**Task to carry out:** Lines with the word "measured" in them are the ones to copy from the records.

**Records for this task:**
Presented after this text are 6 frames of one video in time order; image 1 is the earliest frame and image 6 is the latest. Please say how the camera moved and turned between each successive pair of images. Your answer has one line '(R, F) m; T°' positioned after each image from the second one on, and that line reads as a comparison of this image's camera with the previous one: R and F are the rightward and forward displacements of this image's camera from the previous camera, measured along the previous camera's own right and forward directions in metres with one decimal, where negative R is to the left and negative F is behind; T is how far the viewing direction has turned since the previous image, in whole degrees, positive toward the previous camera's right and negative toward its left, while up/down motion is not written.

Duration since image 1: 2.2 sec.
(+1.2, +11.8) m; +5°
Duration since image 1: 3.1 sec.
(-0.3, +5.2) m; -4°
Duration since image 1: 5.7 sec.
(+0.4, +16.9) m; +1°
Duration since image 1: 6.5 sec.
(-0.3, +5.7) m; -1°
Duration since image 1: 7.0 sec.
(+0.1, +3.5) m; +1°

---

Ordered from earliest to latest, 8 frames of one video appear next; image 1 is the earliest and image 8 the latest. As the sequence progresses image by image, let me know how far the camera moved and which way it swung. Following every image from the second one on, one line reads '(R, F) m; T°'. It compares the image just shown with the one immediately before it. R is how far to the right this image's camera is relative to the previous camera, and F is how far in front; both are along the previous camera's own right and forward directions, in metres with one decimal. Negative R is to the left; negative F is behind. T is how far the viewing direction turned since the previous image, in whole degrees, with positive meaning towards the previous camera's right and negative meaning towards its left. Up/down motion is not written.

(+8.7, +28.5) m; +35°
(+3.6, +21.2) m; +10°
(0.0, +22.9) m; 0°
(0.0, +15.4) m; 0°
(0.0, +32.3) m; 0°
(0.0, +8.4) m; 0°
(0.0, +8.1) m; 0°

* * *

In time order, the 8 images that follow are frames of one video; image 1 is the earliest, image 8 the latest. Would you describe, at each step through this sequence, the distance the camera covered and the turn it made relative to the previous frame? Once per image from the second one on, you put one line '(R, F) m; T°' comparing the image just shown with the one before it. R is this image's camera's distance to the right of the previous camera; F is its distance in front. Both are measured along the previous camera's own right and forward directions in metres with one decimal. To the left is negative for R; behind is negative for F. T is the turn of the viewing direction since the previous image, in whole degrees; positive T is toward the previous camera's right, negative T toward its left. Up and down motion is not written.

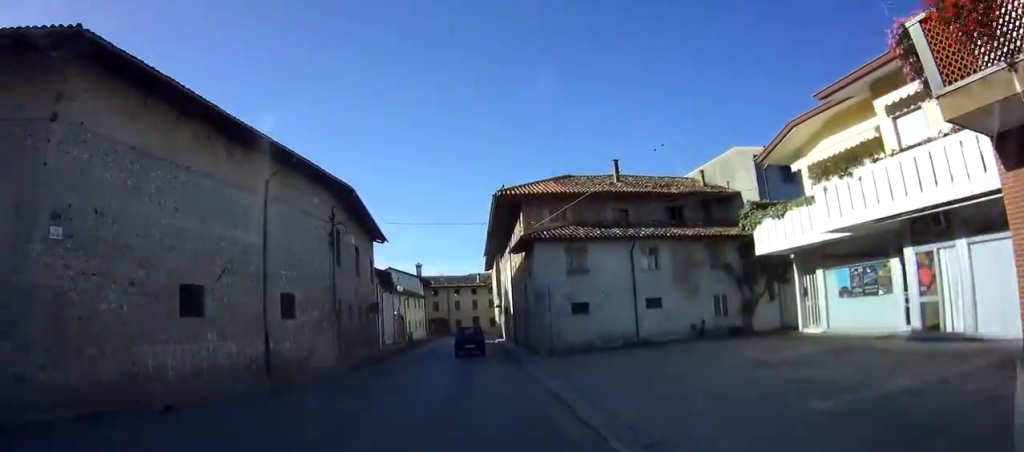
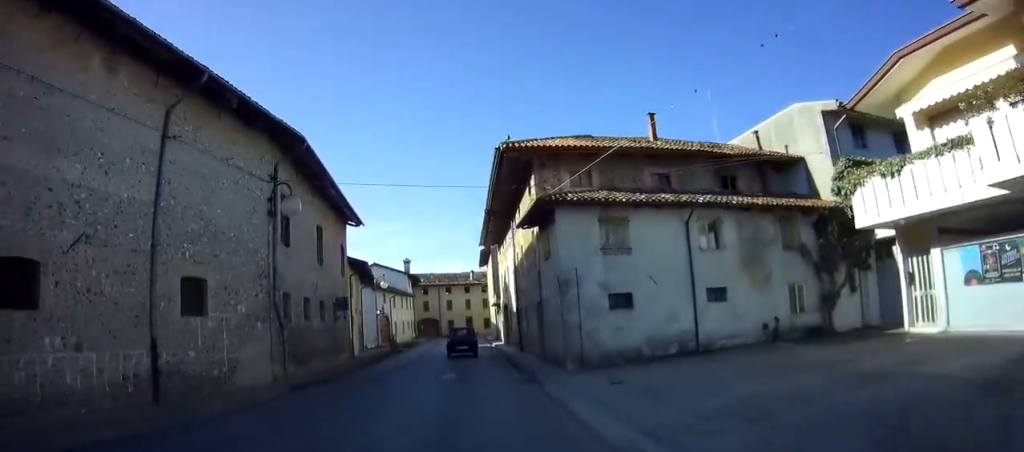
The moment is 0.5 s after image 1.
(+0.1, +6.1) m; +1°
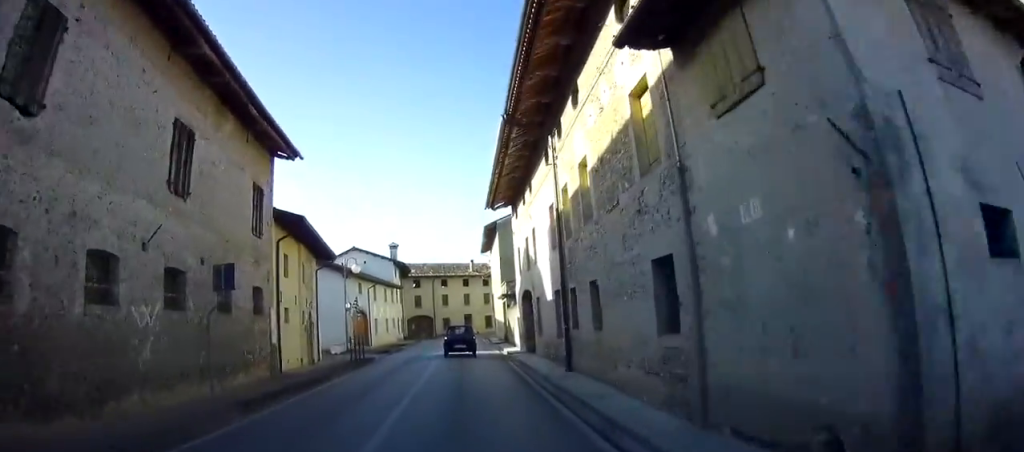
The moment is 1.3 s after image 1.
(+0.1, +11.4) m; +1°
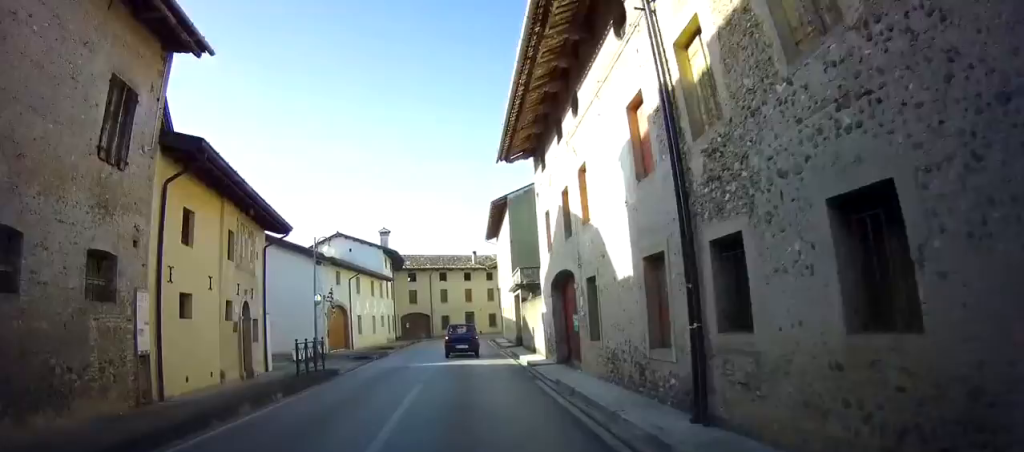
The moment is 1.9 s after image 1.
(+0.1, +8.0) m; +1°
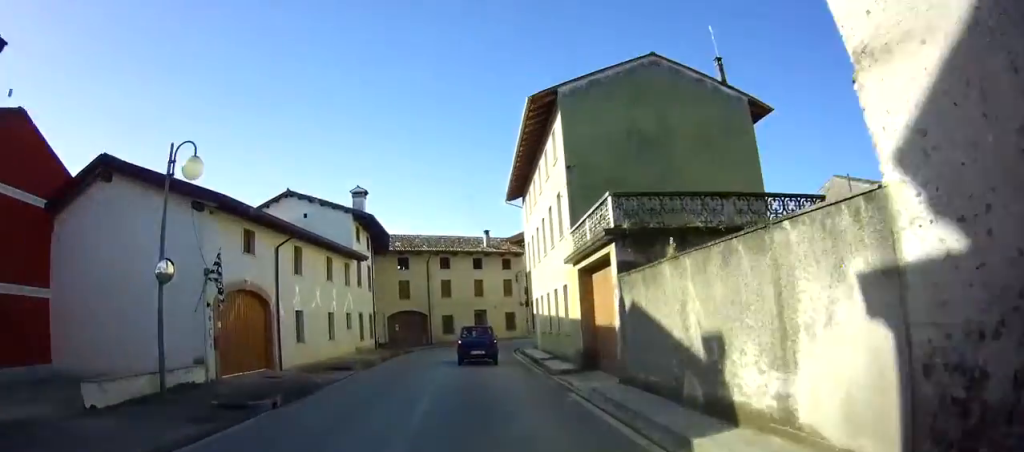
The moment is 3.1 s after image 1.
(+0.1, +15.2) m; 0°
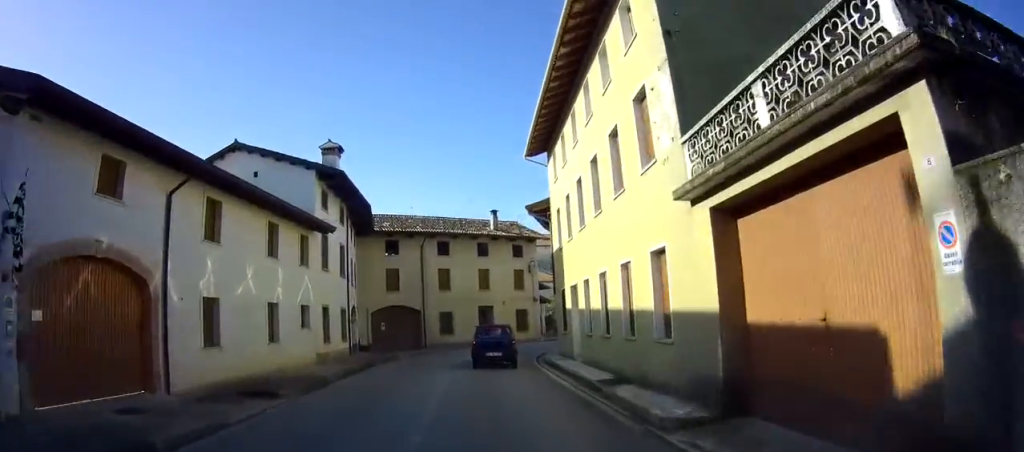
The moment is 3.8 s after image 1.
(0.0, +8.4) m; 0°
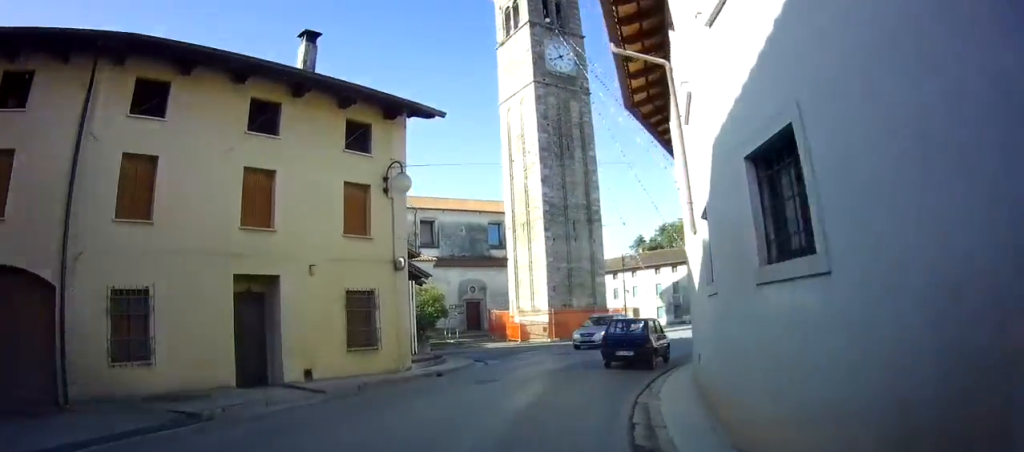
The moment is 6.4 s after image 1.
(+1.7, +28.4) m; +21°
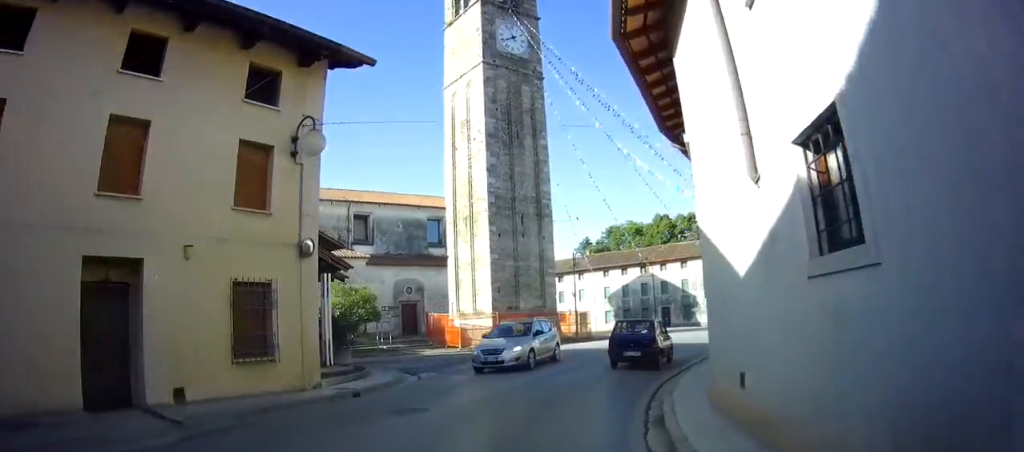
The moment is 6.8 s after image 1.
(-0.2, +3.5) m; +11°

**Exercise response:**
Presented after this text are 6 frames of one video in time order; image 1 is the earliest frame and image 6 is the latest. Please say how the camera moved and turned between each successive pair of images. Your answer has one line '(R, F) m; T°' positioned after each image from the second one on, and that line reads as a comparison of this image's camera with the previous one: R and F are the rightward and forward displacements of this image's camera from the previous camera, measured along the previous camera's own right and forward directions in metres with one decimal, where negative R is to the left and negative F is behind; T is how far the viewing direction has turned since the previous image, in whole degrees, positive toward the previous camera's right and negative toward its left, while up/down motion is not written.
In time order, the 8 images that follow are frames of one video; image 1 is the earliest, image 8 the latest. Would you describe, at each step through this sequence, the distance the camera covered and the turn it made relative to the previous frame? Once per image from the second one on, you put one line '(R, F) m; T°' comparing the image just shown with the one before it. R is this image's camera's distance to the right of the previous camera; F is its distance in front. Both are measured along the previous camera's own right and forward directions in metres with one decimal. To the left is negative for R; behind is negative for F. T is the turn of the viewing direction since the previous image, in whole degrees; positive T is toward the previous camera's right, negative T toward its left. Up and down motion is not written.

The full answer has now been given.